Sixty-five percent of people who start an exercise program drop out in the first six weeks, often because of injuries. Jogging and running are high-injury sports because your feet hit the ground with a force greater than twice your body weight. This force can injure muscles, joints and bones. Pedaling and swimming are safer because you pedal in a smooth rotary motion and when you swim, the buoyancy of the water dampens forces on your muscles.

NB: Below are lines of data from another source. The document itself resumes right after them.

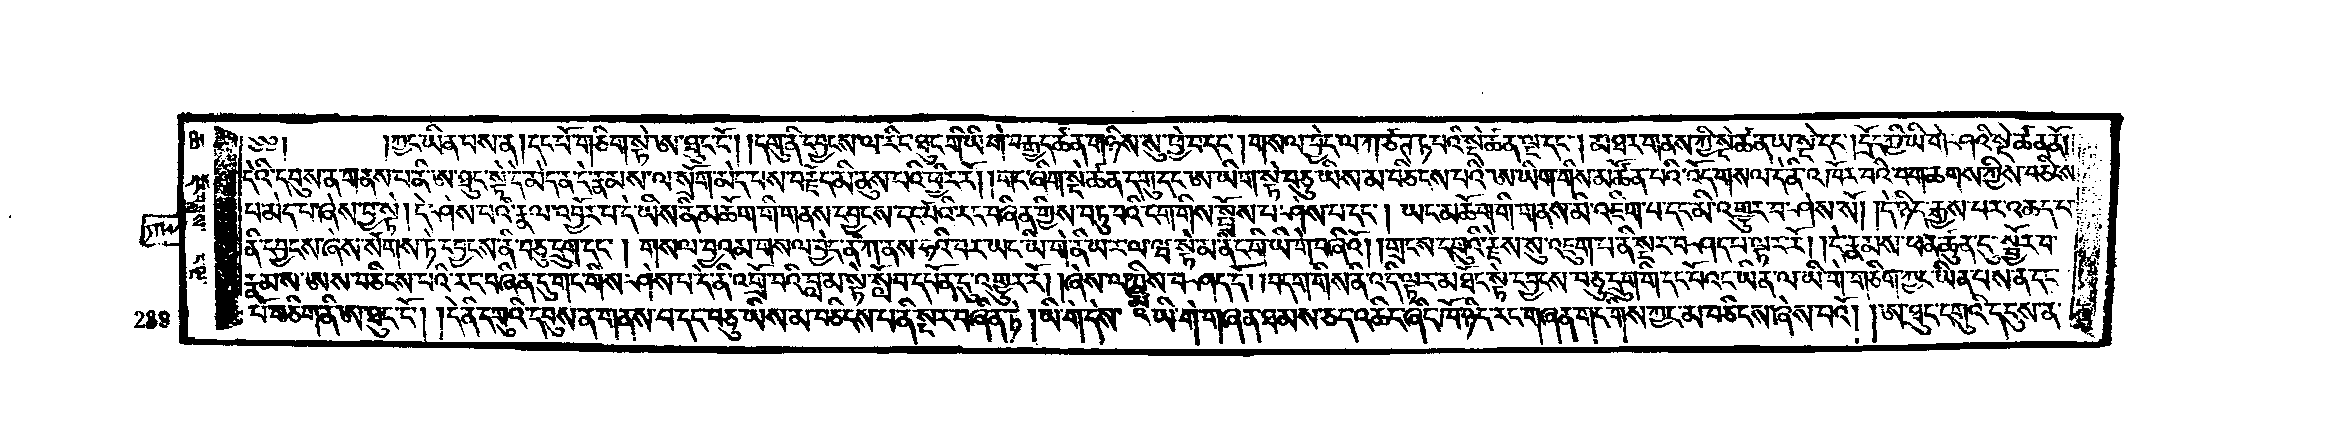༄༅། །ཀྱང་ཡིན་པས་ན། དང་པོ་གཅིག་སྟེ་ཨ་ཐུང་ངོ། །དགུ་ནི་དབྱངས་ལ་རིང་ཐུང་གི་ཡི་གེ་བརྒྱད་ཚན་གཉིས་སུ་ཕྱེ་བ་དང་། གསལ་བྱེད་ལ་ཀ་ཙ་ཊ་ཏ་པའི་སྡེ་ཚན་ལྔ་དང་། མཐར་ངས་ཀྱི་སྡེ་ཚན་ཡ་སྡེ་དང་། དྲོད་ཀྱི་ཡི་གེ་ཤའི་སྡེ་ཚན་ནོ།
དེའི་དབུས་ན་གནས་པ་ནི་ཨ་ཐུང་སྟེ་དེ་མེད་ན་དེ་རྣམས་ལ་སྲོག་མེད་པས་བརྗོད་མི་ནུས་པའི་ཕྱིར་རོ། །གང་ཞིག་སྡེ་ཚན་དགུ་དང་ཨ་ཡིག་སྟེ་བཅུ་ཡིས་མ་བཅིངས་པའི་ཨ་ཡིག་གིས་མཚོན་པའི་འོད་གསལ་དེ་ནི་འཁོར་བའི་བག་ཆགས་ཀྱིས་བཅིངས་
པ་མེད་པ་ཞེས་བྱ་སྟེ། དེ་ཤེས་པའི་རྣལ་འབྱོར་པ་དེ་ཡིས་ནི་མཆོག་གི་གནས་དབྱངས་དང་པོའི་རང་བཞིན་གྱིས་བཏུ་བའི་ངག་གིས་སྤྲོས་པ་ཤེས་པ་དང་། ཡང་མཆོག་གི་གནས་མི་འཇིག་པ་དང་མི་འགྱུར་བ་ཤེས་སོ། །དེ་ཉིད་རྒྱས་པར་འཆད་པ་
ནི་དབྱངས་ཞེས་སོགས་ཏེ་དབྱངས་ནི་བཅུ་དྲུག་དང་། གསལ་བྱའམ་གསལ་བྱེད་ནི་ཀ་ནས་ཧའི་བར་ཡང་ཡི་གེ་ནི་ཡ་ར་ལ་ཝ་སྟེ་མ་ནིང་གི་ཡི་གེ་བཞིའོ། །གྲངས་དགུའི་རྗེས་སུ་འཇུག་པ་ནི་སྔར་བཤད་པ་ལྟར་རོ། །དེ་རྣམས་ཕན་ཚུན་དུ་སྦྱོར་བ་
རྣམས་ཨས་བཅིངས་པའི་རང་བཞིན་དུ་གང་གིས་ཤེས་པ་དེ་ནི་འགྲོ་བའི་བླ་མ་སྟེ་སློབ་དཔོན་དུ་འགྱུར་རོ། །ཞེས་ལཀྵྨཱིས་བཤད་དོ། །བདག་གིས་ནི་འདི་ལྟར་མཐོང་སྟེ་དབྱངས་བཅུ་དྲུག་གི་དང་པོའང་ཡིན་ལ་ཡི་གེ་གཅིག་ཀྱང་ཡིན་པས་ན་དང་
པོ་གཅིག་ནི་ཨ་ཐུང་ངོ། །དེ་ནི་དགུའི་དབུས་ན་གནས་པ་དང་བཅུ་ཡིས་མ་བཅིངས་པ་ནི་སྔར་བཞིན་ཏེ། ཡི་གེ་དེས་ཡི་གེ་གཞན་ཐམས་ཅད་འཆིང་ཞིང་ཁོ་ཉིད་རང་གཞན་གང་གིས་ཀྱང་མ་བཅིངས་ཞེས་པའོ། །ཨ་ཐུང་དགུའི་དབུས་ན་
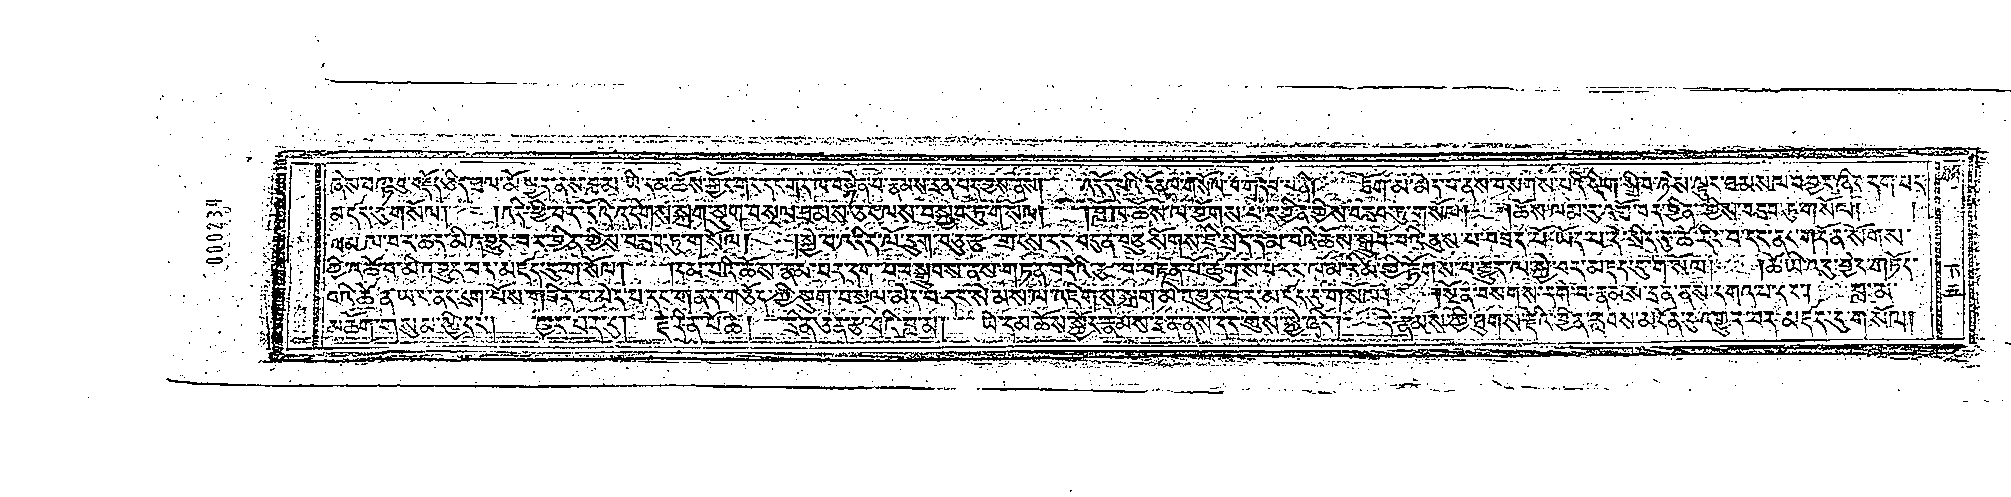ཞེས་བ་ལྟ་བུ་བརྗོད་ཅིད་ཐལ་མོ་སྦྱར་ནས་བླ་མ་ཡི་དམ་ཆོས་སྐྱོང་གང་དང་གང་ལ་བསྟེན་པ་རྣམས་དྲན་པར་བྱས་ནས། འདོད་པའི་དོན་ལ་གསོལ་བ་གདབ་པ་ནི། ཐོག་མ་མེད་པ་ནས་བསགས་པའི་སྡིག་སྒྲིབ་ཉེས་ལྟུང་ཐམས་ཅད་བྱང་ཞིང་དག་པར་
མཛད་དུ་གསོལ། །འདི་ཕྱི་བར་དོའི་འཇིགས་སྐྲག་སྡུག་བསྔལ་ཐམས་ཅད་ལས་བསྐྱབ་ཏུ་གསོལ། བློ་ཁ་ཆོས་ལ་ཕྱོགས་པར་བྱིན་གྱིས་བརླབ་ཏུ་གསོལ། །ཆོས་ལམ་དུ་འགྲོ་བར་བྱིན་གྱིས་བརླབ་ཏུ་གསོལ། །
ལམ་ལ་བར་ཆད་མི་འབྱུང་བར་བྱིན་གྱིས་བརླབ་ཏུ་གསོལ། །སྐྱེ་བ་འདིར་ལོ་དྲུག་བཅུ་རྩ་གྲངས་དང་བདུན་བཅུ་སོགས་ཇི་སྲིད་དམ་བའི་ཆོས་སྒྲུབ་པའི་ནུས་པ་བཟང་པོ་ཡོད་པ་དེ་སྲིད་དུ་ཚེ་རིང་བ་དང་ནང་གདོན་སོགས་
ཀྱི་འཚེ་བ་མི་འབྱུང་བར་མཛད་དུ་གསོལ། །དམ་པའི་ཆོས་རྣམ་པར་དག་པ་བསྒྲུབས་ནས་གཏན་བདེའི་རྩ་བ་བརྟན་པོ་ཚུགས་པ་དང་ལམ་རིམ་གྱི་རྟོགས་པ་རྒྱུད་ལ་སྐྱེ་བར་མཛད་དུ་གསོལ། །ཚེ་ཡི་འདུ་བྱེད་གཏོང་
བའི་ཚེ་ན་ཡང་ནང་དྲག་པོས་གཟིར་བ་མེད་པ་དང་གནད་གཅོད་ཀྱི་སྡུག་བསྔལ་མེད་པ་དང་སེམས་ལ་འཇིགས་སྐྲག་མི་འབྱུང་བར་མཛད་དུ་གསོལ། །སྔོན་བསགས་དགེ་བ་རྣམས་དྲན་ནས་དགའ་པ་དང་། བླ་མ་
མཆོག་གསུམ་སྤྱི་དང་། ཁྱད་པར་དུ། རྗེ་རིན་པོ་ཆེ། དྲིན་ཅན་རྩ་བའི་བླ་མ། ཡི་དམ་ཆོས་སྐྱོང་རྣམས་དྲན་ནས་དད་གུས་སྐྱེ་ཞིང་། དེ་རྣམས་ཀྱི་ཐུགས་རྗེའི་བྱིན་རླབས་མངོན་དུ་འགྱུར་བར་མཛད་དུ་གསོལ།

The safest and most comfortable way to pedal is on a recumbent stationary bicycle. On a conventional bike, the pedals are below you, so you perch on a narrow seat and put pressure on the nerves in your crotch. When you pedal a recumbent bike, your legs are above your pelvis, so you can sit in a chair that does not pinch nerves. You lean against the seat's back support, so it's comfortable for anyone with back problems. Even a 90-year-old with poor coordination and weak muscles can use a recumbent bike.

If you can ride a stationary recumbent bike and want to get outdoors, try a trike. You don't have to worry about balance or coordination, and the seat is as comfortable as a stationary bike.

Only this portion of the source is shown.